Segment Start: Task input
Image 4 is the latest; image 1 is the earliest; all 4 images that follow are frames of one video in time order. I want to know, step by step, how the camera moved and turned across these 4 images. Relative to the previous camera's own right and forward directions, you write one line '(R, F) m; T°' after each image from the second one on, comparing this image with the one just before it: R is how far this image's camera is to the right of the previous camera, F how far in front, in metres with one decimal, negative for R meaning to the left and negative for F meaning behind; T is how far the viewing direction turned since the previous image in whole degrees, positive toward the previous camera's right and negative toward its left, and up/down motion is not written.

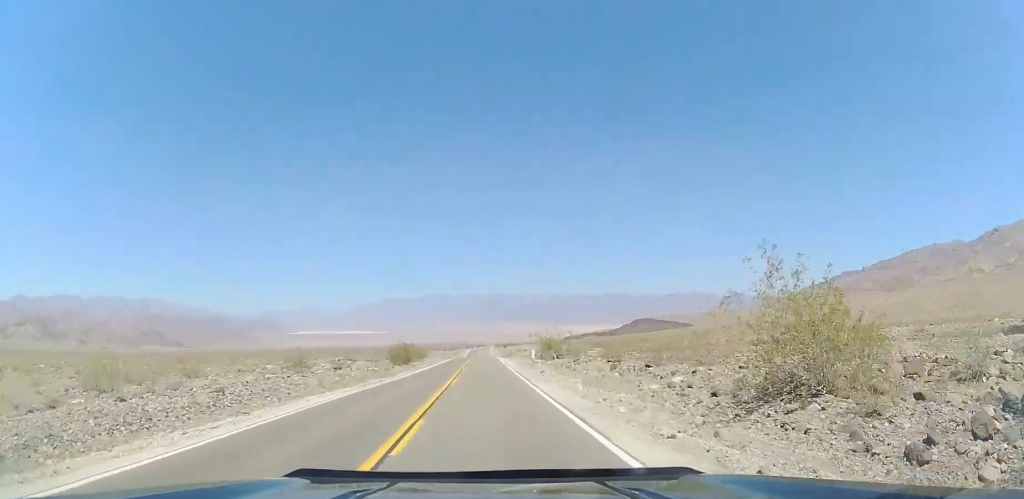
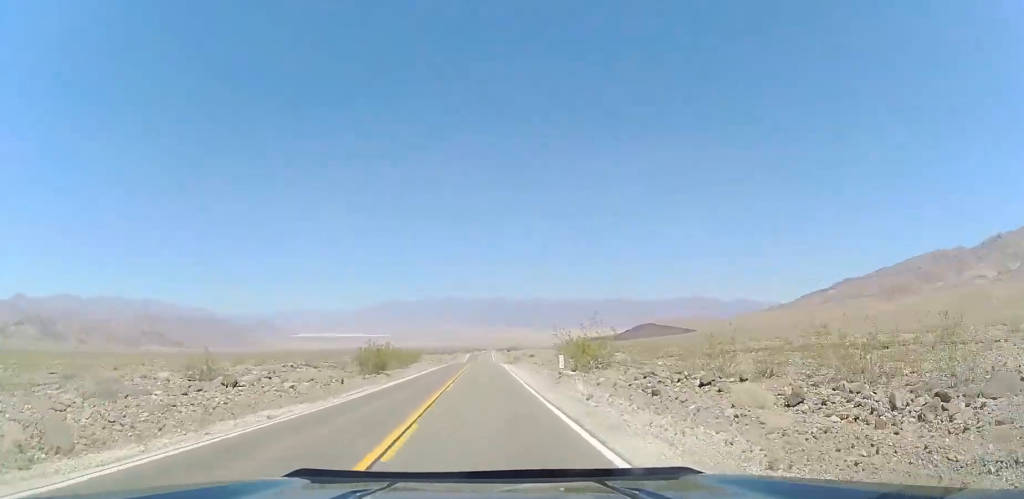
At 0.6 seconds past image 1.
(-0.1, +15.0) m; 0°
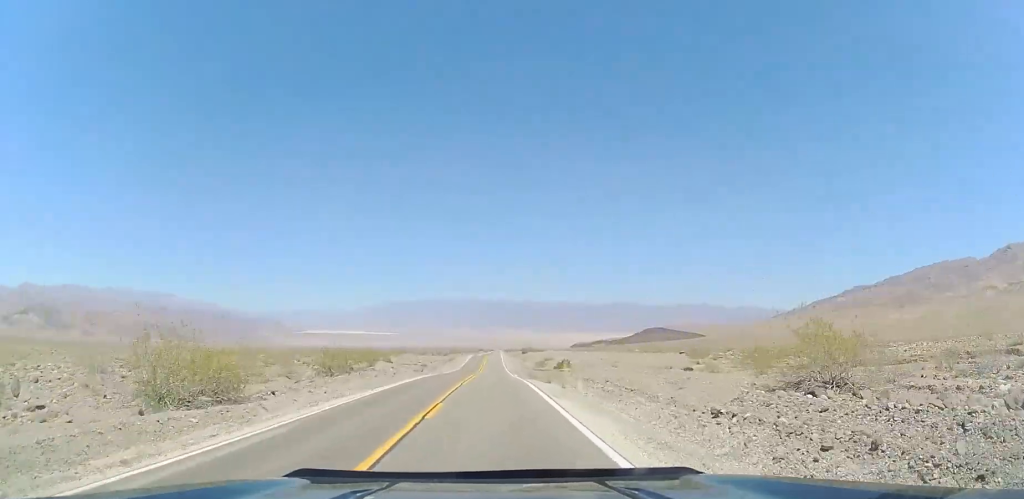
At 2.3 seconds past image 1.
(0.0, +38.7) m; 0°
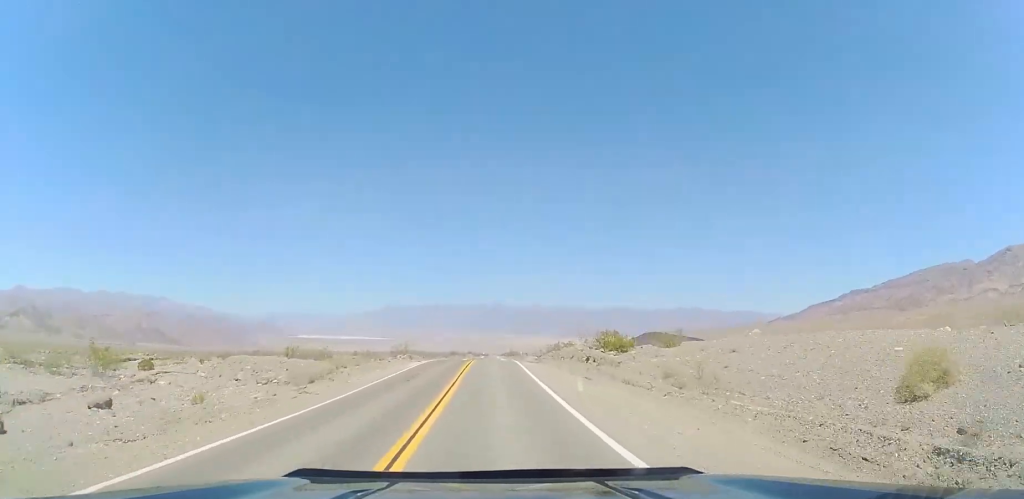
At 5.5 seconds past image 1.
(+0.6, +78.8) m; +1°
Segment End: Task input
# Work required:
Only the lines from the one holding "At 0.6 seconds past image 1." through the end of the data are to be printed, exactly as they stand and with no pictures.

# Reply to the exercise:
At 0.6 seconds past image 1.
(-0.1, +15.0) m; 0°
At 2.3 seconds past image 1.
(0.0, +38.7) m; 0°
At 5.5 seconds past image 1.
(+0.6, +78.8) m; +1°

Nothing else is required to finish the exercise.